Current screening tools available for identifying patients with advanced progressive disease who may require PC in primary care settings are rather limited [11]. Accurate estimation of prognosis is informative to provide an optimal plan for treatment and EOL care in patients with advanced cancer.10,11 It can also relieve patient and career anxiety about the uncertainty of prognosis.12 The surprise question (SQ) is widely used for predicting mortality within 6 months. However, there was a wide degree of accuracy (0.51 to 0.82), and it seems subjective and more accurate in an oncology setting than others [12]. Though the functional status assessment tools, such as Karnofsky Performance Score, and the simplified Eastern Cooperative Oncology Group (ECOG) Performance Score, are widely used for screening, they lack accurate predicting ability or some are limited to advanced cancer in past reports.13–15 However, the ability of current screening tools to identify PC needs in primary care was still limited in the previous study [11]. Non-oncologist or non-hospice specialists cannot early identify the EOL and initiate PC. It should be noted that the previous study has shown a clinician-oriented communication strategy significantly bolstered the documentation of care objectives in hospitalized elderly patients with severe conditions [13].
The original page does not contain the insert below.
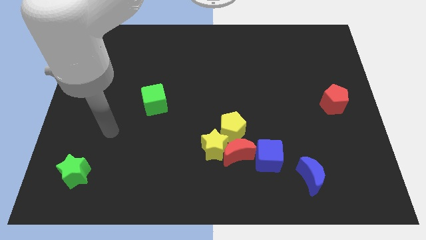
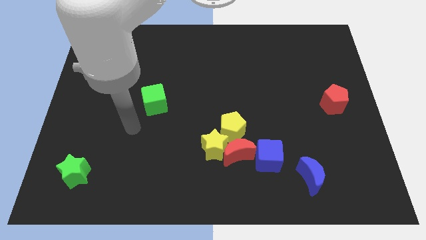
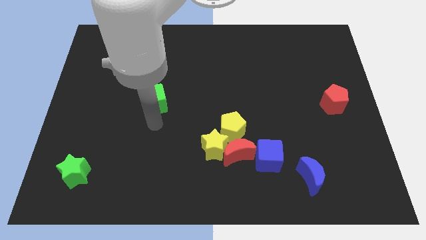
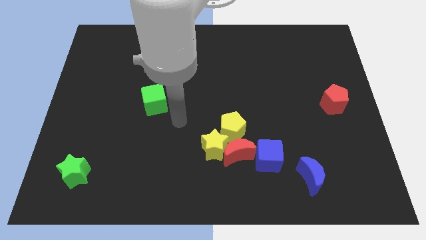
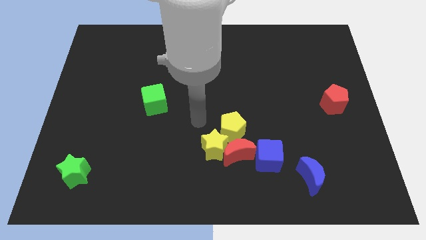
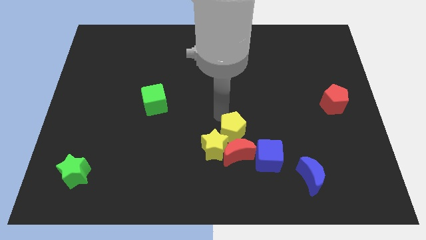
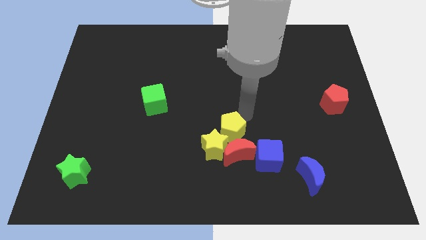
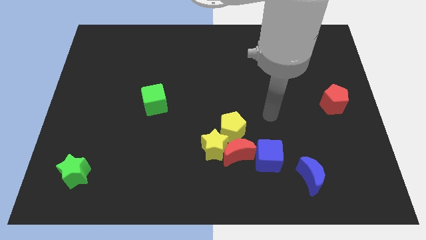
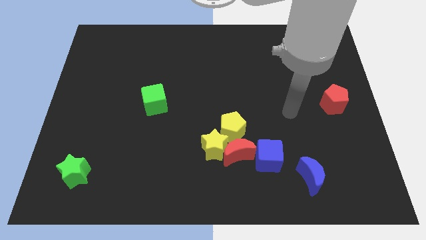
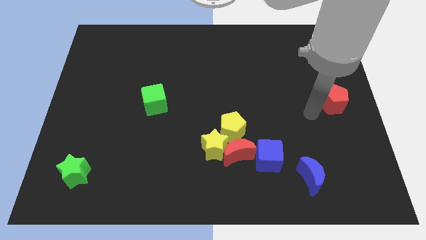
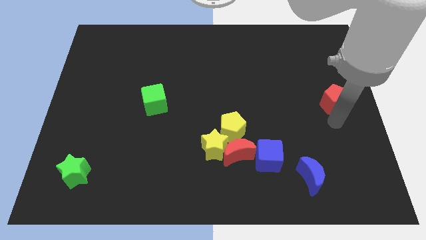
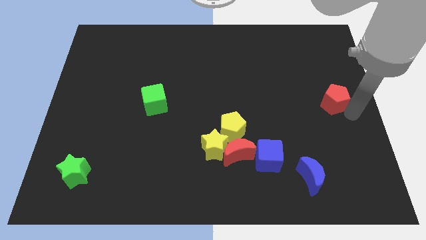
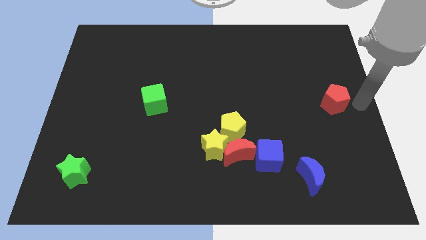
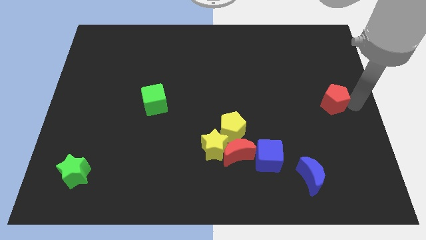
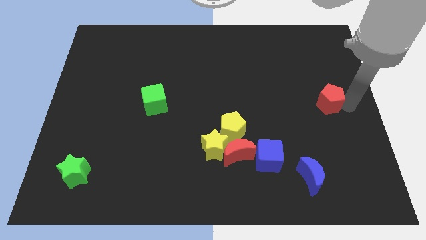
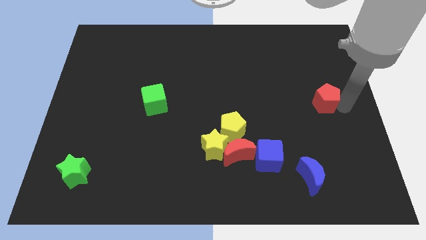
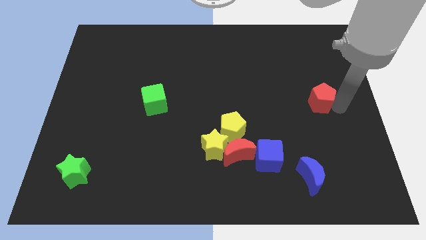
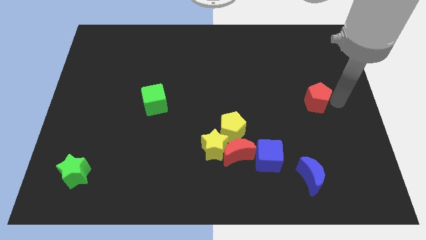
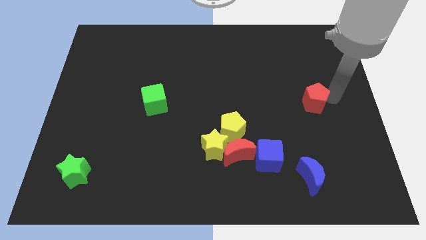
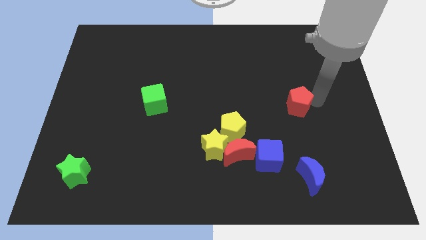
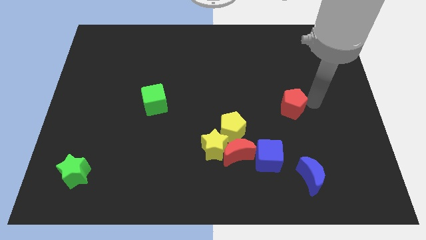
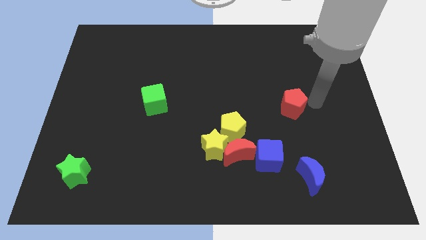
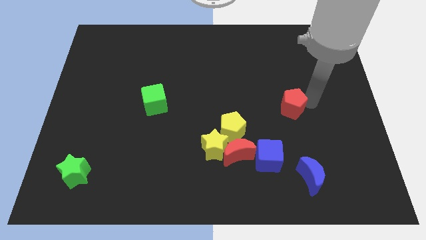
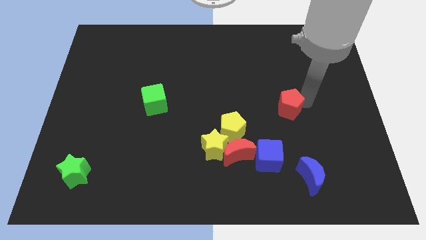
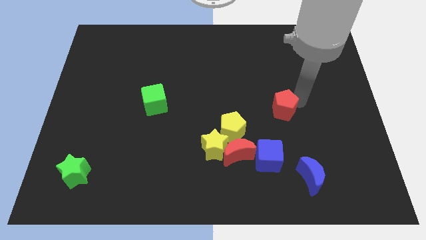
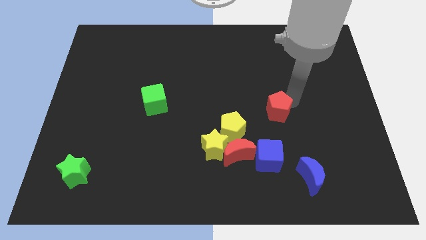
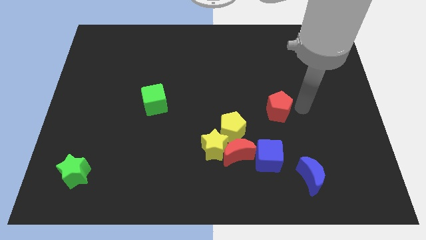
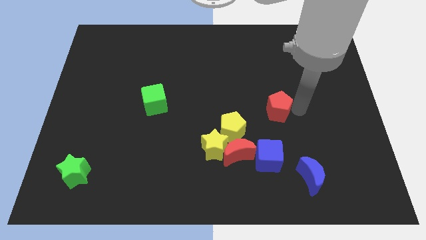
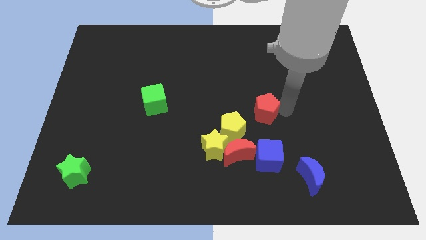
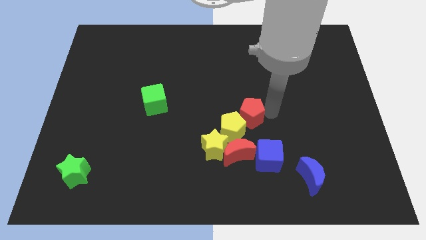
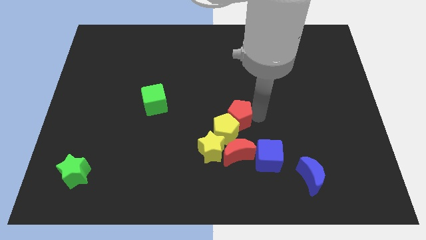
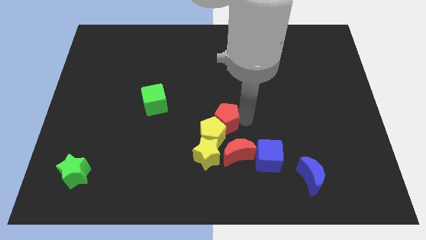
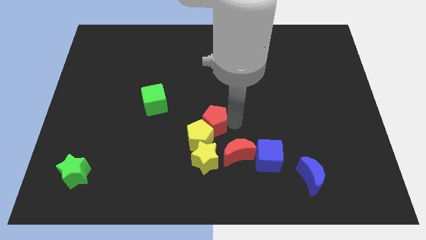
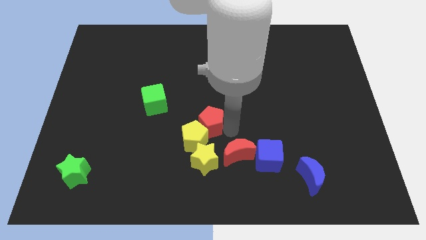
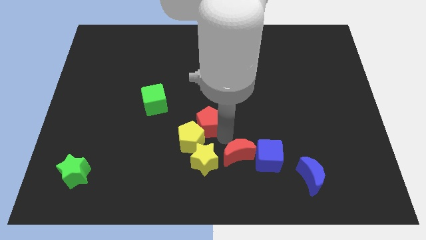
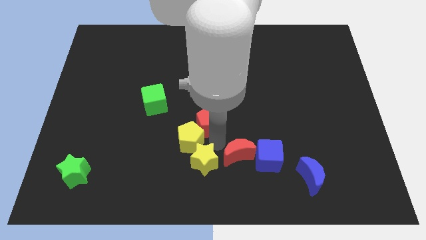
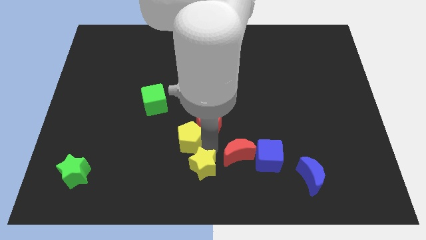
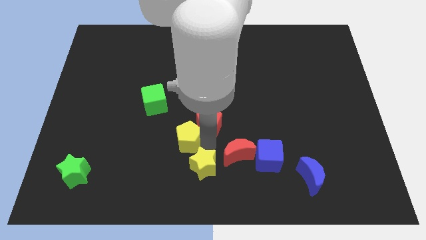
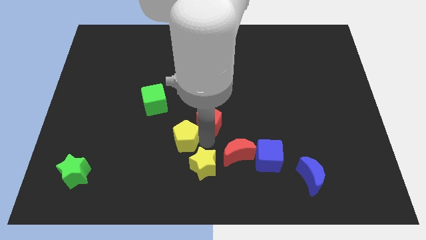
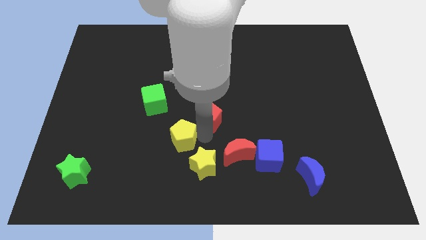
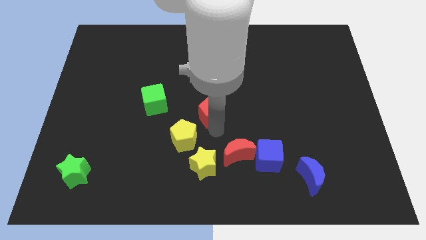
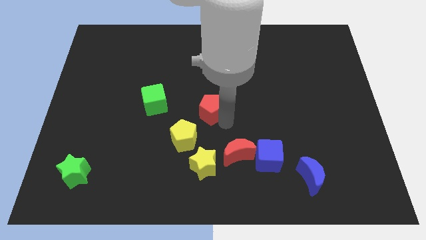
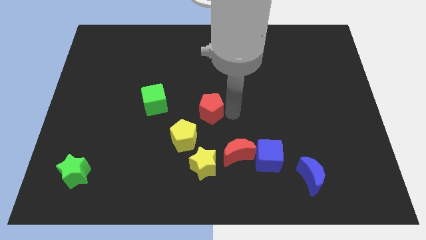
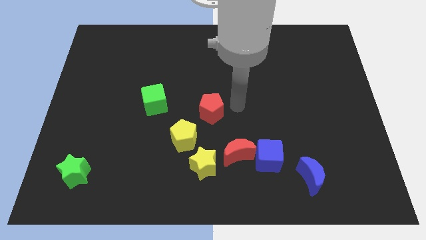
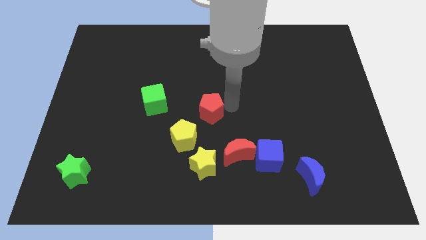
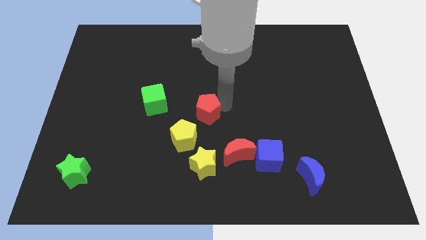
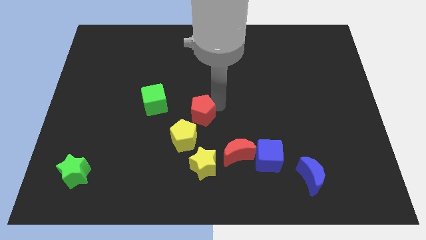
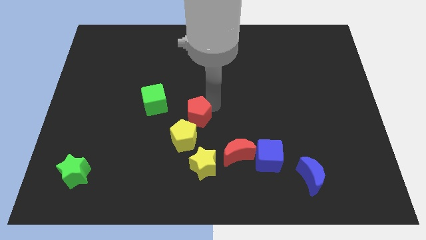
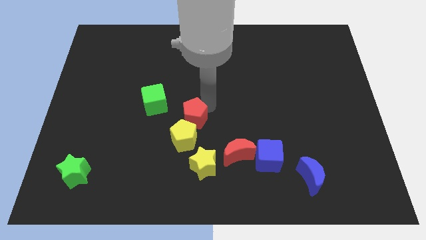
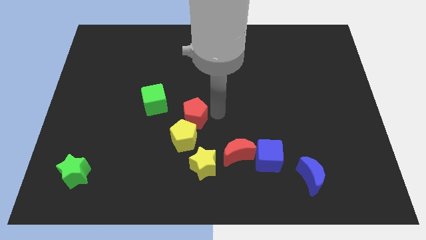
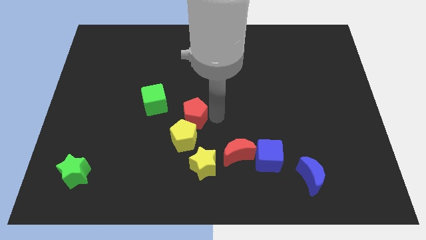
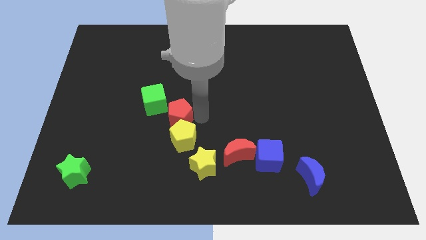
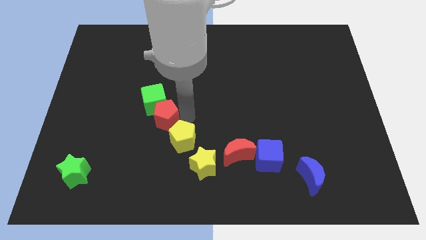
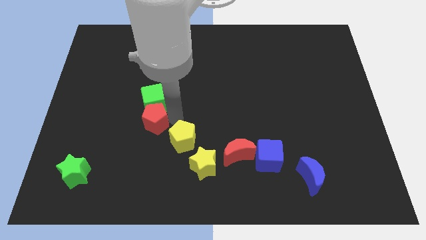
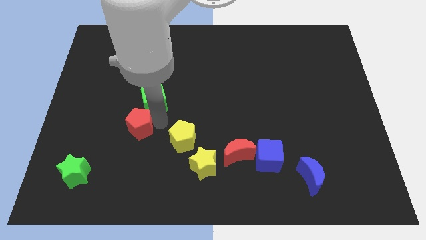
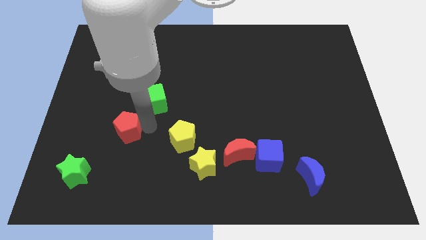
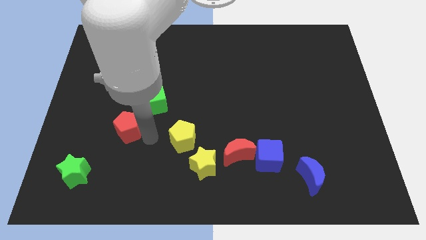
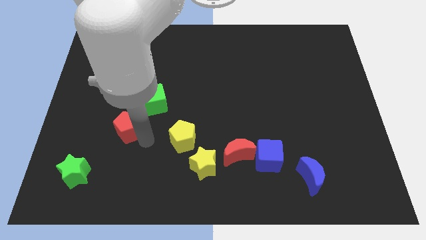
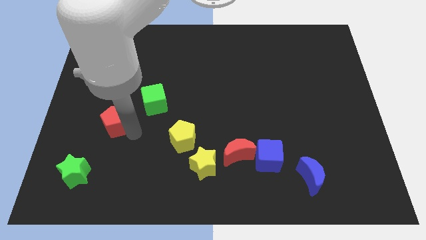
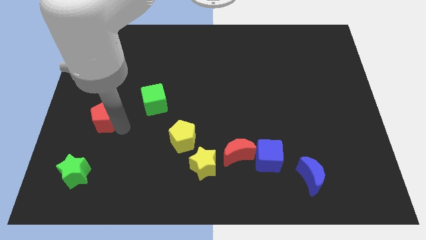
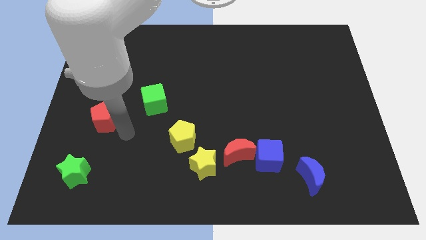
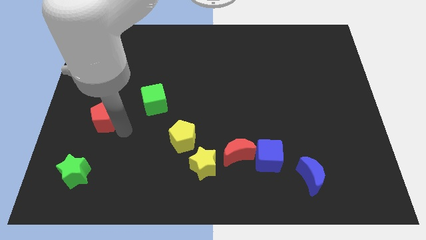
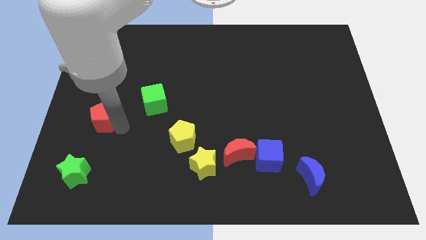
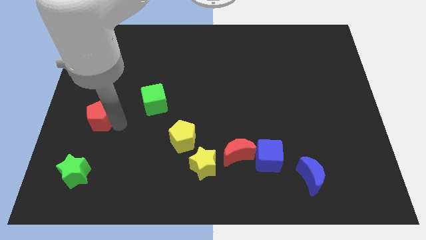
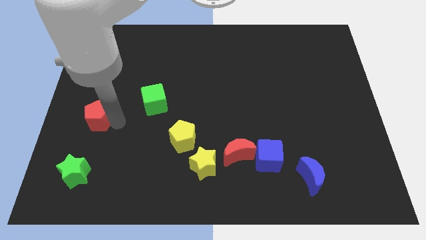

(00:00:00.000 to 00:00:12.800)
slide the red pentagon to the left side

In recent years, ED providers have long recognized the importance of assessing patients for hospice eligibility. However, there are no standardized criteria because these criteria and tools have not yet been standardized for ED patients. Screening patients for PC referrals and resources by developing a mortality prediction model in the ED is a feasible approach and may yield significant benefits [14]. A comprehensive analysis found that 53.4% of Medicare hospice beneficiaries had a high demand for PC before death, due to a tremendous increase in individuals diagnosed with non-malignant conditions, who were twice as likely to have these enrolment patterns as their oncology counterparts [15]. This implies that the development of the mortality prediction model needs to consider the robustness of the model to the enrolment pattern and types of patients with potential hospice needs, which has barely been addressed.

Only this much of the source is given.